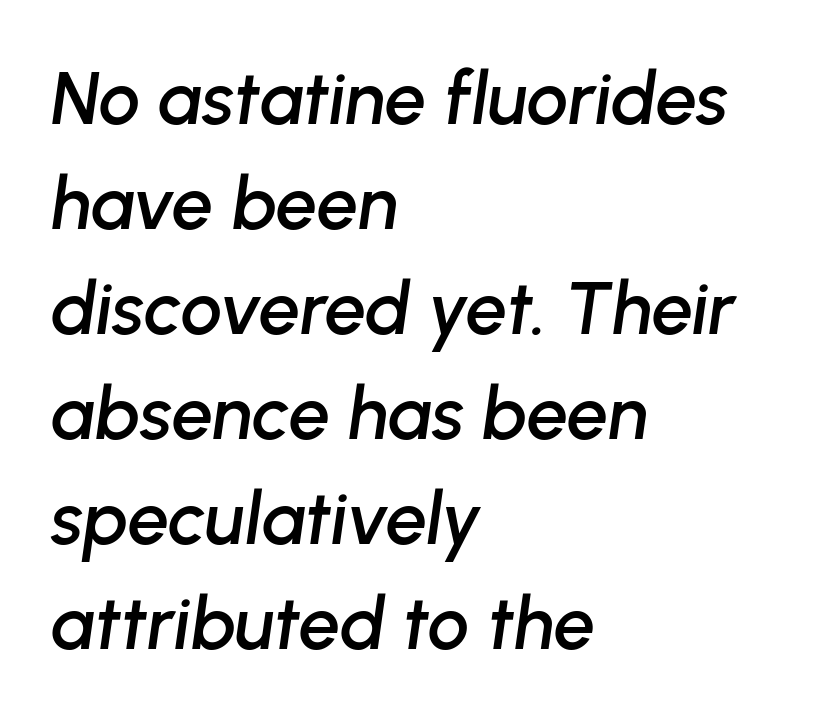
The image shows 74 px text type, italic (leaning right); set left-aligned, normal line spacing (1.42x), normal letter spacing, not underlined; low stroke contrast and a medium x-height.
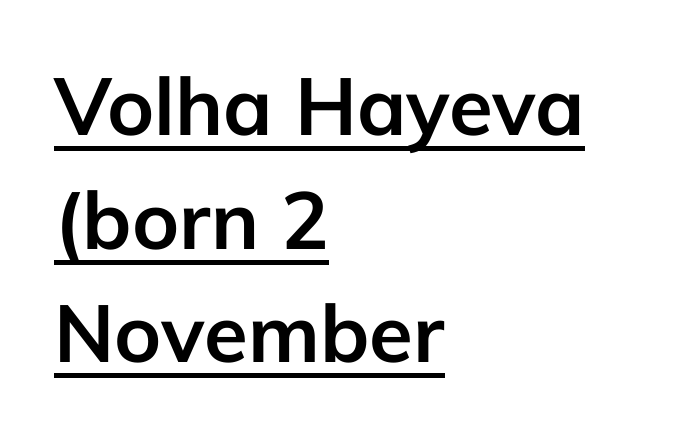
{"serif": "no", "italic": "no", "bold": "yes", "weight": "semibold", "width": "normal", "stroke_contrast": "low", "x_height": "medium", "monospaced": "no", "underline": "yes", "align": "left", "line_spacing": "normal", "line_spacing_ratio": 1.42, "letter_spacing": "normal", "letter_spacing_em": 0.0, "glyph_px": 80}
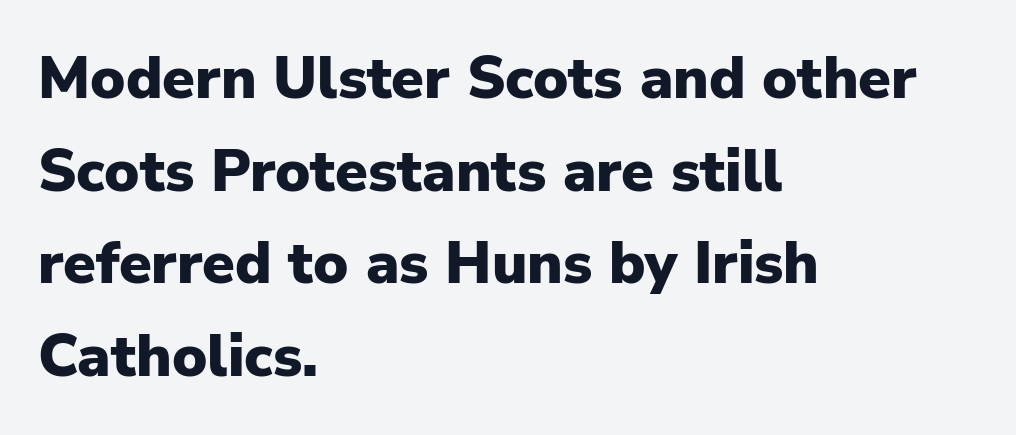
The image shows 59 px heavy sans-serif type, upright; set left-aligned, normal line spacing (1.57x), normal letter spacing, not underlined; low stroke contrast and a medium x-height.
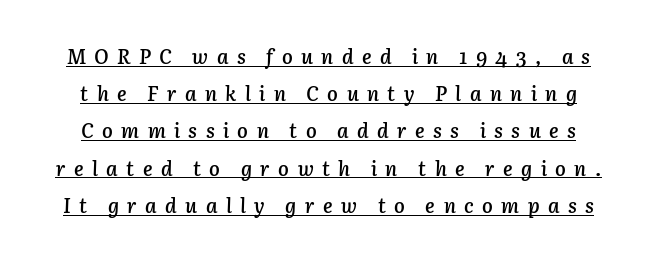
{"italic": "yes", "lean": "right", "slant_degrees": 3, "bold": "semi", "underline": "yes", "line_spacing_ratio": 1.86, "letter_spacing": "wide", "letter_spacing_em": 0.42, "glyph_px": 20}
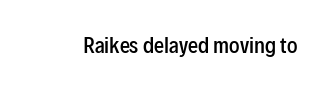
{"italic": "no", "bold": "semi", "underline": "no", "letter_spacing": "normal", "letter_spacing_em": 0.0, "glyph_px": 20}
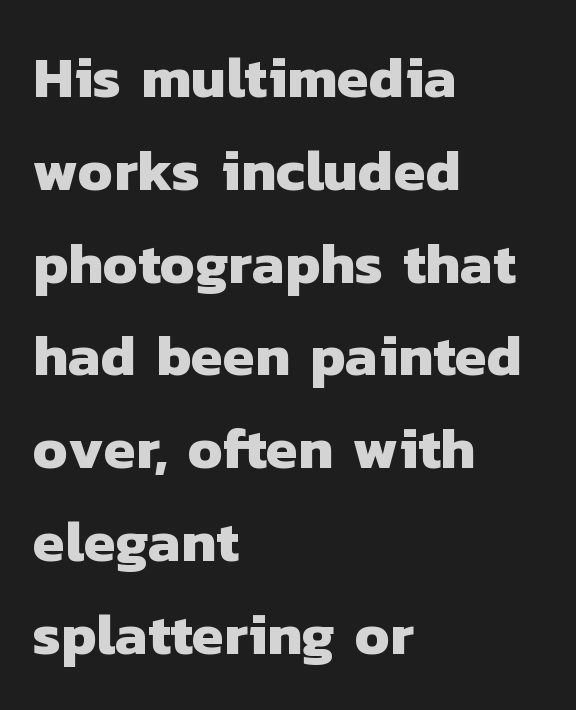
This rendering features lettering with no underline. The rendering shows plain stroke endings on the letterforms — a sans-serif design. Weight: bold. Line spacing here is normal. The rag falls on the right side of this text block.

====

## [Exercise directions]
Print out the entries once more, unchanged. No pictures.

## [Answer area]
The image shows 74 px text type, italic (leaning right); set left-aligned, normal line spacing (1.42x), normal letter spacing, not underlined; low stroke contrast and a medium x-height.
{"serif": "no", "italic": "no", "bold": "yes", "weight": "semibold", "width": "normal", "stroke_contrast": "low", "x_height": "medium", "monospaced": "no", "underline": "yes", "align": "left", "line_spacing": "normal", "line_spacing_ratio": 1.42, "letter_spacing": "normal", "letter_spacing_em": 0.0, "glyph_px": 80}
The image shows 59 px heavy sans-serif type, upright; set left-aligned, normal line spacing (1.57x), normal letter spacing, not underlined; low stroke contrast and a medium x-height.
{"italic": "yes", "lean": "right", "slant_degrees": 3, "bold": "semi", "underline": "yes", "line_spacing_ratio": 1.86, "letter_spacing": "wide", "letter_spacing_em": 0.42, "glyph_px": 20}
{"italic": "no", "bold": "semi", "underline": "no", "letter_spacing": "normal", "letter_spacing_em": 0.0, "glyph_px": 20}
This rendering features lettering with no underline. The rendering shows plain stroke endings on the letterforms — a sans-serif design. Weight: bold. Line spacing here is normal. The rag falls on the right side of this text block.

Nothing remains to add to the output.